**Work to be completed:** All of the data that follows should be retyped exactly, please, except the pictures.

**Task input:**

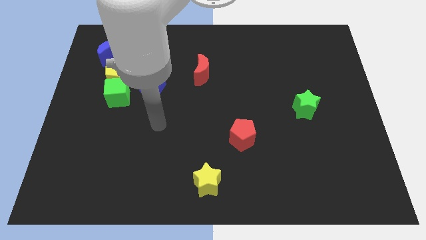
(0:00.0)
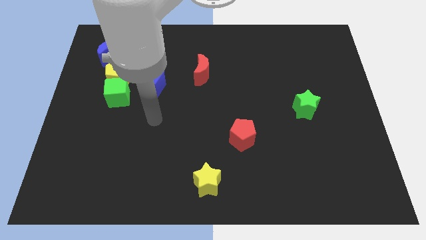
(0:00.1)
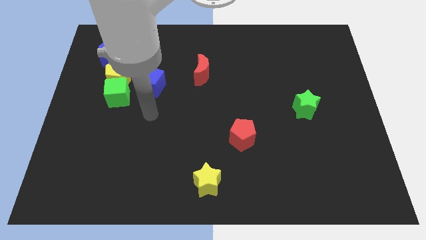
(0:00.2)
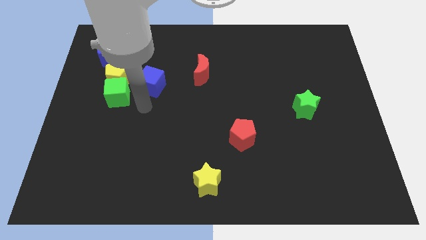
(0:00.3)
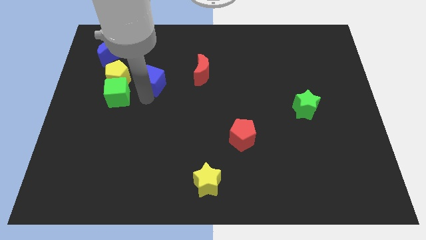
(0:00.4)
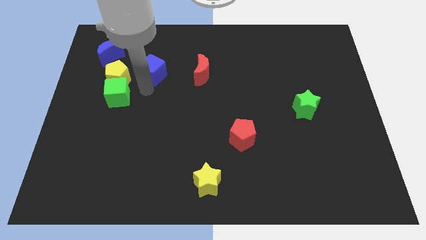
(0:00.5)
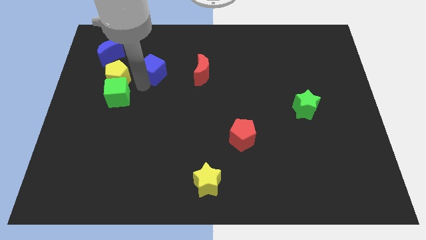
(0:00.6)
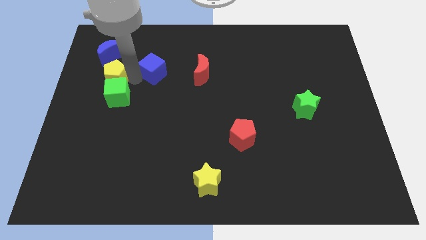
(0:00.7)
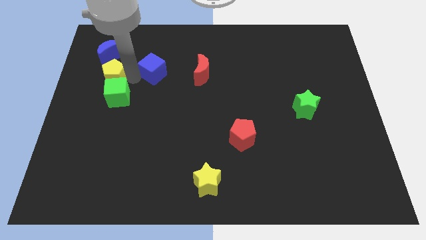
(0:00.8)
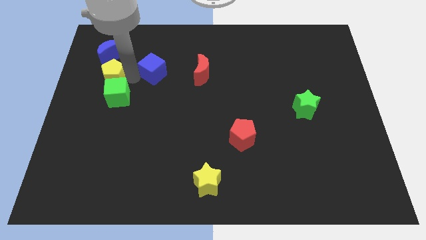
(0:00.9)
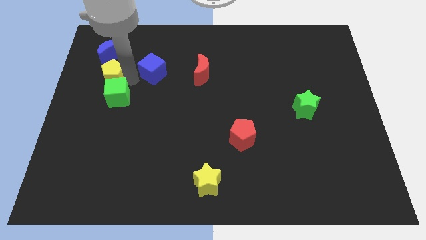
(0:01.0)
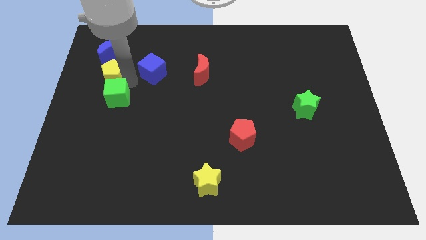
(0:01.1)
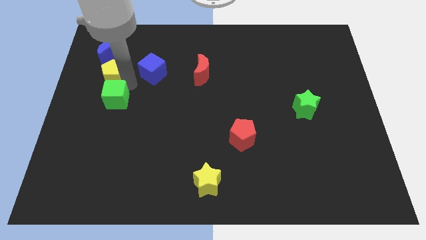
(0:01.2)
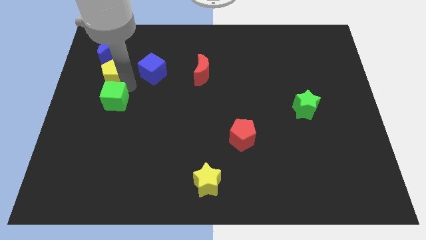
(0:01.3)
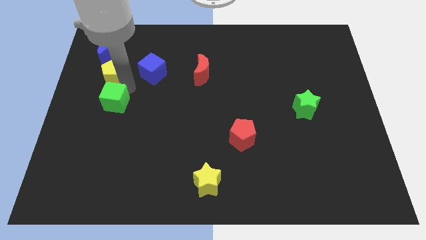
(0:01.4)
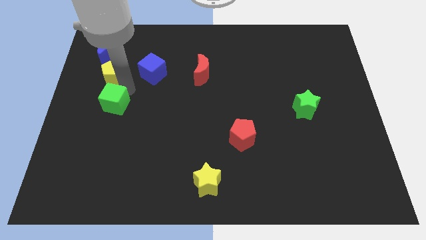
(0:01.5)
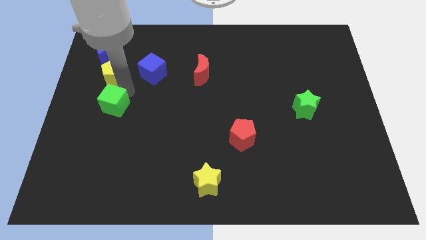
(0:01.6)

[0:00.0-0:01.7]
separate the green cube from the yellow pentagon and blue cube

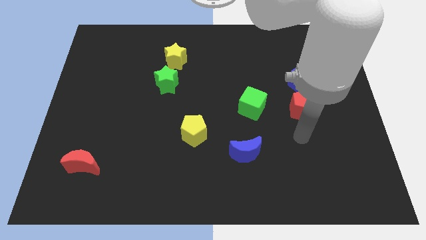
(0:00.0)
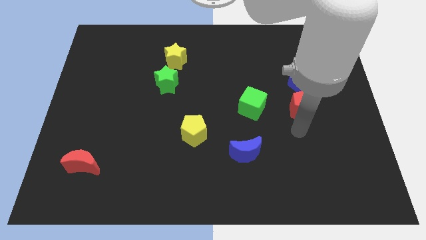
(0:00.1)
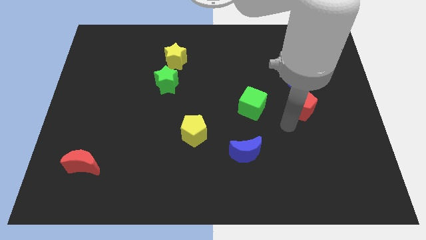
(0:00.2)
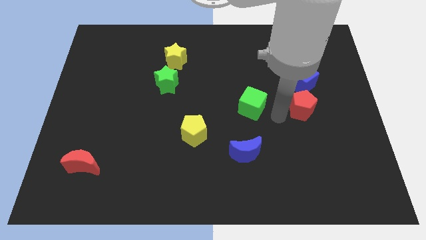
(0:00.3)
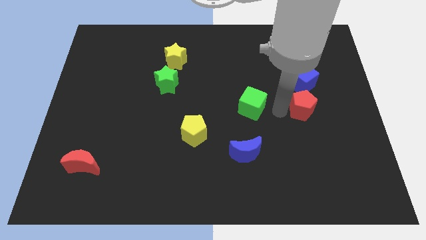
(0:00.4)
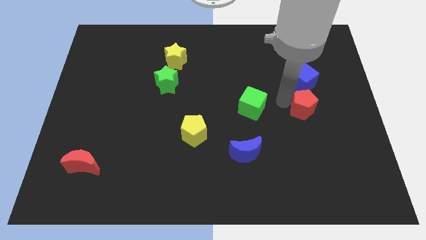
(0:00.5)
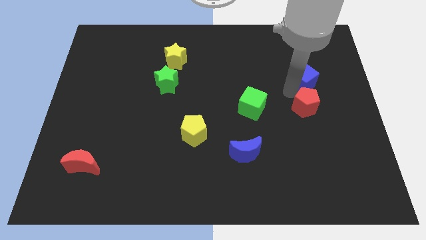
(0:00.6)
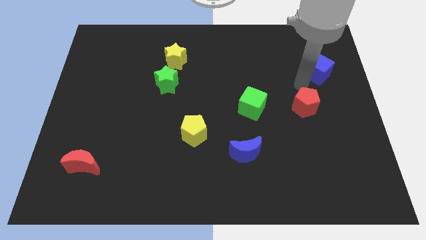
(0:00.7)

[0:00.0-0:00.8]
pull the red pentagon apart from the blue cube

**Result:**
(0:00.0)
(0:00.1)
(0:00.2)
(0:00.3)
(0:00.4)
(0:00.5)
(0:00.6)
(0:00.7)
(0:00.8)
(0:00.9)
(0:01.0)
(0:01.1)
(0:01.2)
(0:01.3)
(0:01.4)
(0:01.5)
(0:01.6)

[0:00.0-0:01.7]
separate the green cube from the yellow pentagon and blue cube

(0:00.0)
(0:00.1)
(0:00.2)
(0:00.3)
(0:00.4)
(0:00.5)
(0:00.6)
(0:00.7)

[0:00.0-0:00.8]
pull the red pentagon apart from the blue cube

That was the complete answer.